Değişim seven bir insan değilimdir. Hazzetmiyorum. Sürekli bir değişme trendindeki insanlara anlam veremesem de bu durumun bi' yenilik korkusu mu yoksa bi' eski kafalılık mı olduğuna da akıl sır erdirebilmiş değilim.


Sürekli saçının rengini değiştiren hanımkızlara, her hafta sevgili değiştiren insanevlatlarına hayretle bakarım ben. Sanıyorum ki ''alışma'' kaygısı bulunmaz onlarda; en azından bende olduğu kadar. Değişim kimisine iyi gelir, neşesini yerine getirir mesela; ama ben hiç öyle bir insan olamadım. ''oh'' diyemedim öyle bir değişim ardından. Çok garip ya. ''Ay bu değişim iyi geldi.'' Hadi canım sen de.

''Her şey bi' dursun bi' dokunmayın lan! Bi' müdahale etmeyin.'' Bu benim. 7 farkı en çabuk algılayan insanımdır ben aynı zamanda. Boş zamanlarımda da bol bol yadırgarım. Hatta utanmadan derim ki, sürekli bi' yenilenme haline gerek yok. Ha, bu demek değil ki, teknoloji dursun, zaman dursun. Saçmalama, öyle değil. Kendim ve çevrem adına söz konusu değişimlerden bahsediyorum.

Mesela ben. Doğduğumdan beri uzun saçlıyım bence. Hiç öyle abuk subuk şekillerde kestirmedim, hatta düzgün bi' kesim de gördüğü söylenemez saçlarımın. Gittiğim kuaförde önce anlaşmamı yaparım. ''İki parmak alın uçlarından, bi parmak fazla alırsanız, yakarım lan burayı! Eayt! Tamam sakinim, başlayalım. Öhhö! Tamam,evet.'' Kahkülüm bile olmadı benim. Gerek yok ki, bi anlamı var mı kahkülün, bildiğim tek anlamı var, o da alnıaçık insanlarımızın kamuflaj amaçlı kullanımıdır kahkül. Yok modaymış, yok bişeymiş, bırak.Saçma. ''Saçına kat attır bence.'' Hayır attırmıyorum. Attırmıyorum arkadaşım, sen attır kat. Kat kat olsun saçların. ''Git. Uğraşmayın olum benle, deli mi ne, hala geliyo lan, o makası indir önce, gidin lan!'' ''Biraz kısaltsana,ne bu böyle?Şey gibi...'' Ne gibi, çok iyi biliyorum ben ima edilen şeyi. Gidin arkadaşım, işiniz gücünüz yok mu ya, rahat bırakın saçımı. Uzun seviyorum ben. Evet, ben bir kezbanım. Modern değilim ben,evet. Dağılın, dağıl!

''Giyim tarzını değiştirsene'' Sana ne acaba? Kareli gömlek yaşam tarzım benim, var mı bir diyeceğin? O çarpık bacaklarla etek giyiyosun da ben bi'şey diyor muyum. Evet diyorum. Giyme.
''Telefon hattını değiştirsene'' Sen değiştir? Senelerdir aynı numara, çocuğum gibi olmuş artık. Tarifesine ,sıcaklığına alışmışım. Hayır, çaldır ben ararım, değiştirmem.

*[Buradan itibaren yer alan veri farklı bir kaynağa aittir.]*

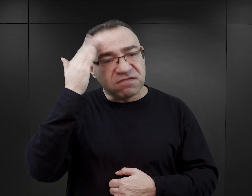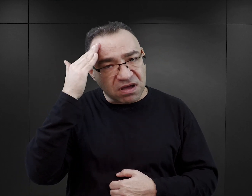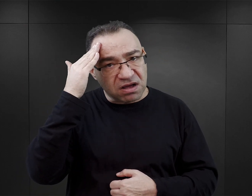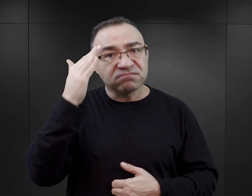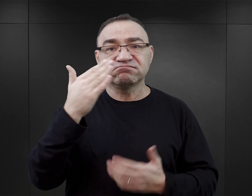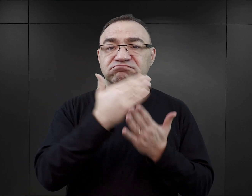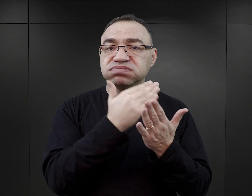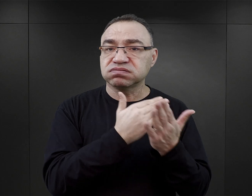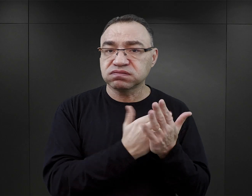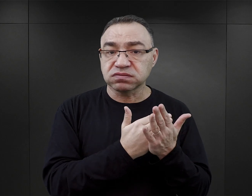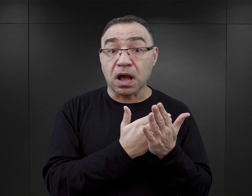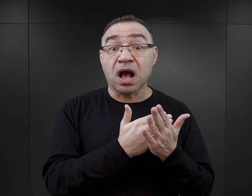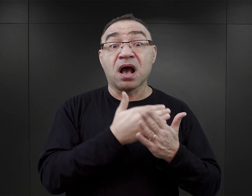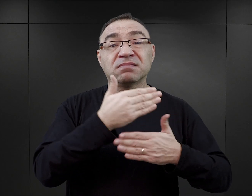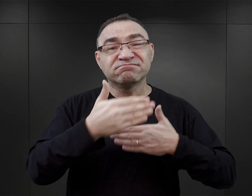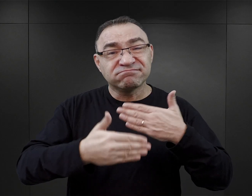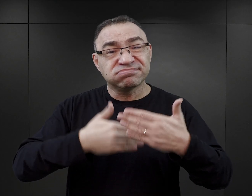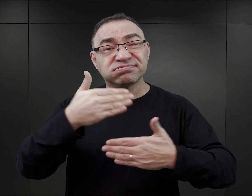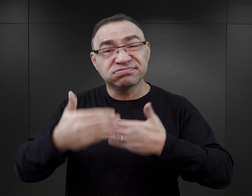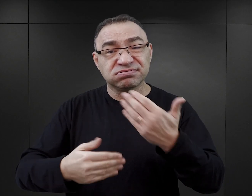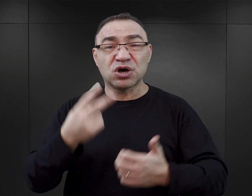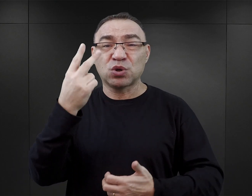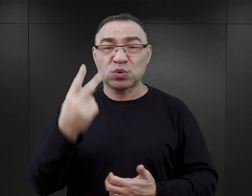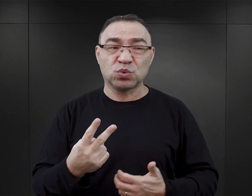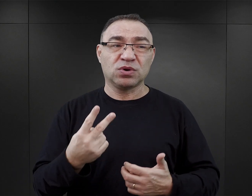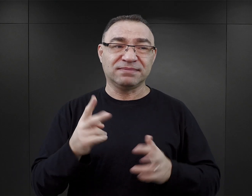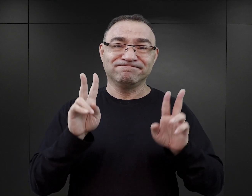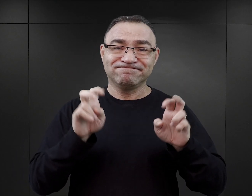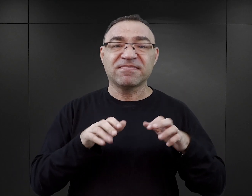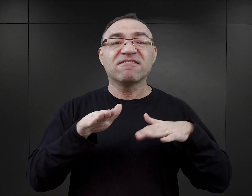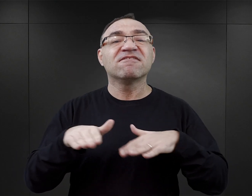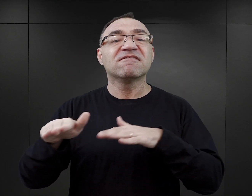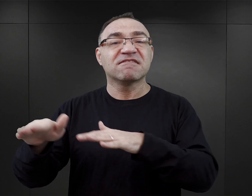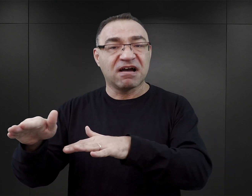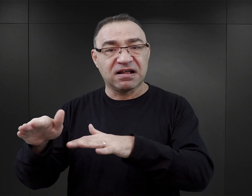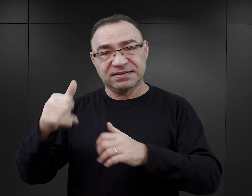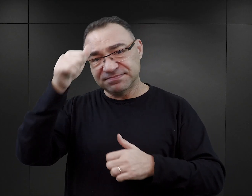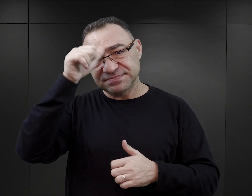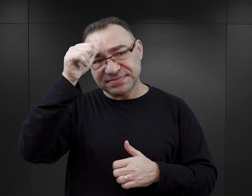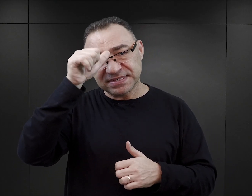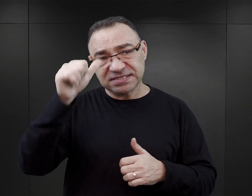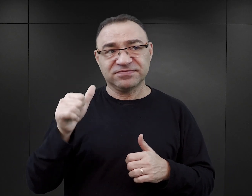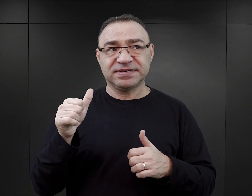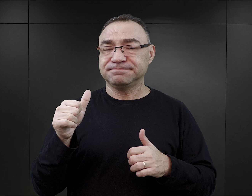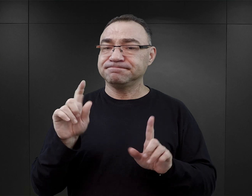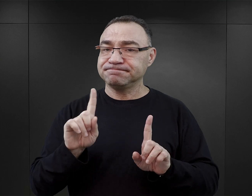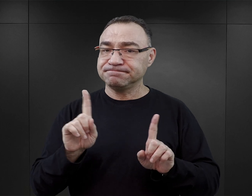W późniejszym czasie wydaje mi się, że tą drugą falą należałoby nazwać nieco wcześniejsze zjawisko, a mianowicie ten moment,
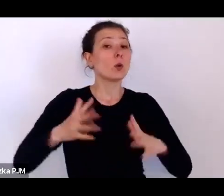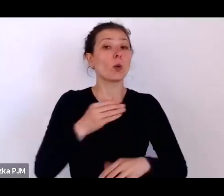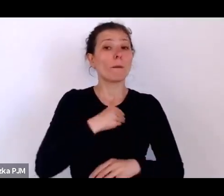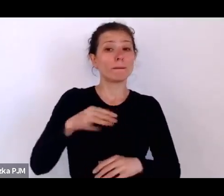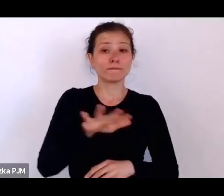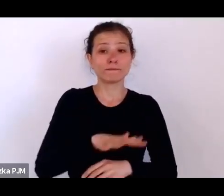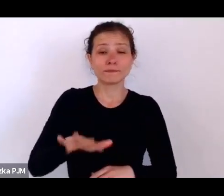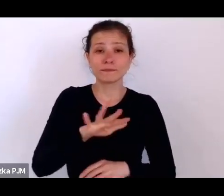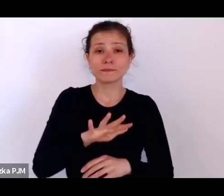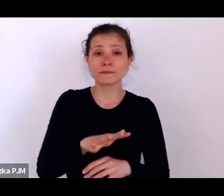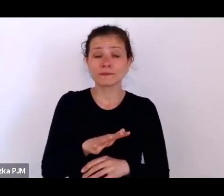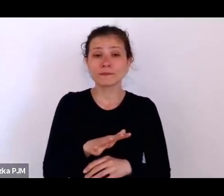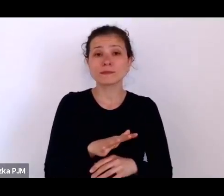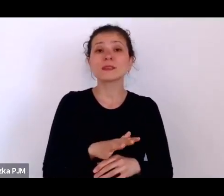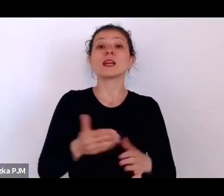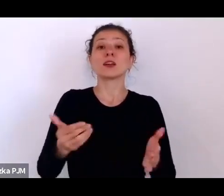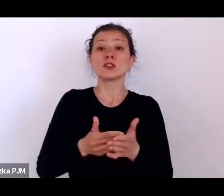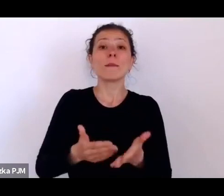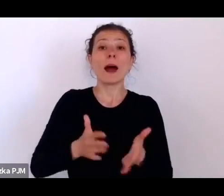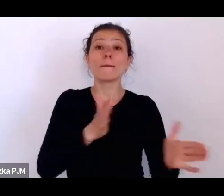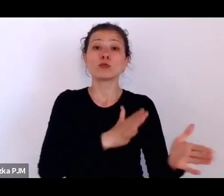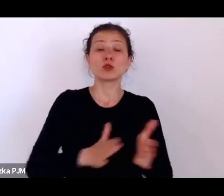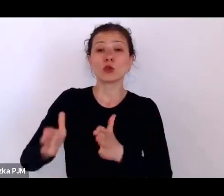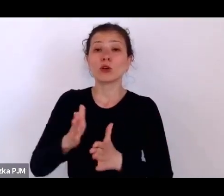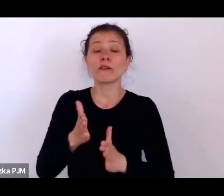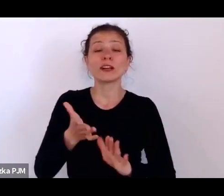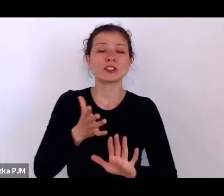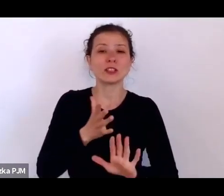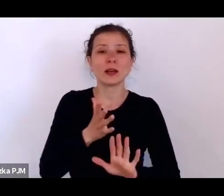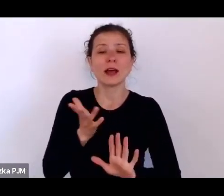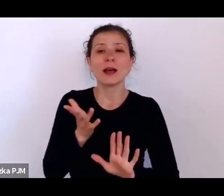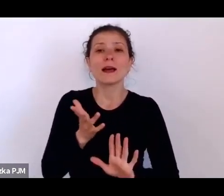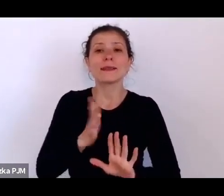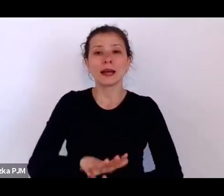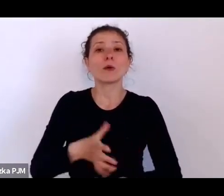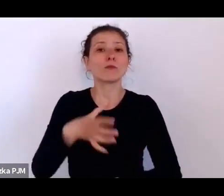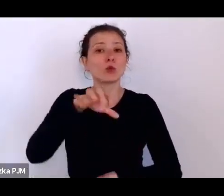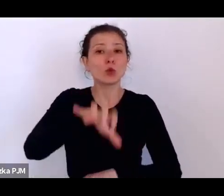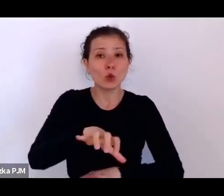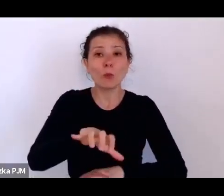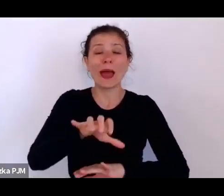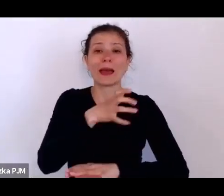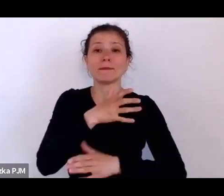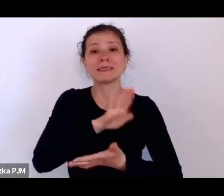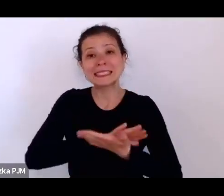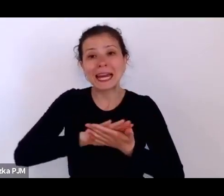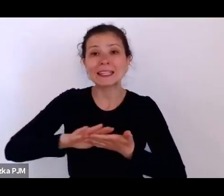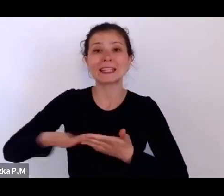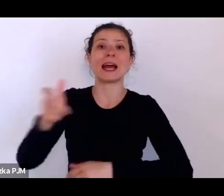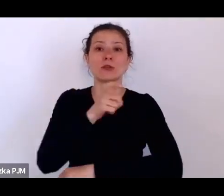zrobić kordon sanitarny przeciw epidemiologiczny i też trochę zatrzymać tę falę rewolucyjną

Mesela yeni insanlarla tanışmaktan da çok çekinirim ben.Farklı arkadaşlıklar kurma çabası. Geriliyorum. Böyle o ilk tanışma anındaki gerici süreç sonra bunu izleyen süreçler. Çok gıcık ya çok uğraştırıcı. Bi' arkadaşım ben başka bi' arkadaşıyla tanıştırmak ister, ''bak çok seviceksin o da senin gibidir'' gibi bi ön tanıtım geçmiştir bir de, ama ben çekinirim, elim ayağıma dolanır, utanırım falan ne kendimi doğru tanıtabilirim ne de sevdirebilirim. Tanıdıktan sonra çok sevdiklerim de oldu ki kendilerini tenzih ederim. Amma lakin ki öyle değildir.

Sürekli bi şeyleri değiştiren insana nasıl güveniceksin ki bir defa. Adam sürekli değişiyor, konuştuğu lafa söze de güven olmaz aman yareppim kaçın!!

Öyle ya da böyle olduğu gibi devam etmesini istediğim çok şey var. Öyle devam etse hiç umrumda olmaz, 20 sene daha aynı şekilde yaşayabilirim. Değişmeyen tek şey değişmenin bıdıbıdı.. Senin de vardır bence standart vazgeçilmezlerin. Olmalı da.

*Finallerim bitmek üzere o_O azar azar başlayayım;

* Sanal ortamda ''zaaaaa...aa'' şeklinde gülen insan, normal hayatta da o efektle gülüyor ya, o an belki de hiç ilenmediğim kadar ileniyorum. Böyle sesini titreterek, böyle hayatında sanki hiç böyle komik bir şey duymamışçasına. Büyüklü küçüklü harflerle...En fazla ''zuhaha'' biliyorum da ''zaaa'' çok marjinal. Çok deli.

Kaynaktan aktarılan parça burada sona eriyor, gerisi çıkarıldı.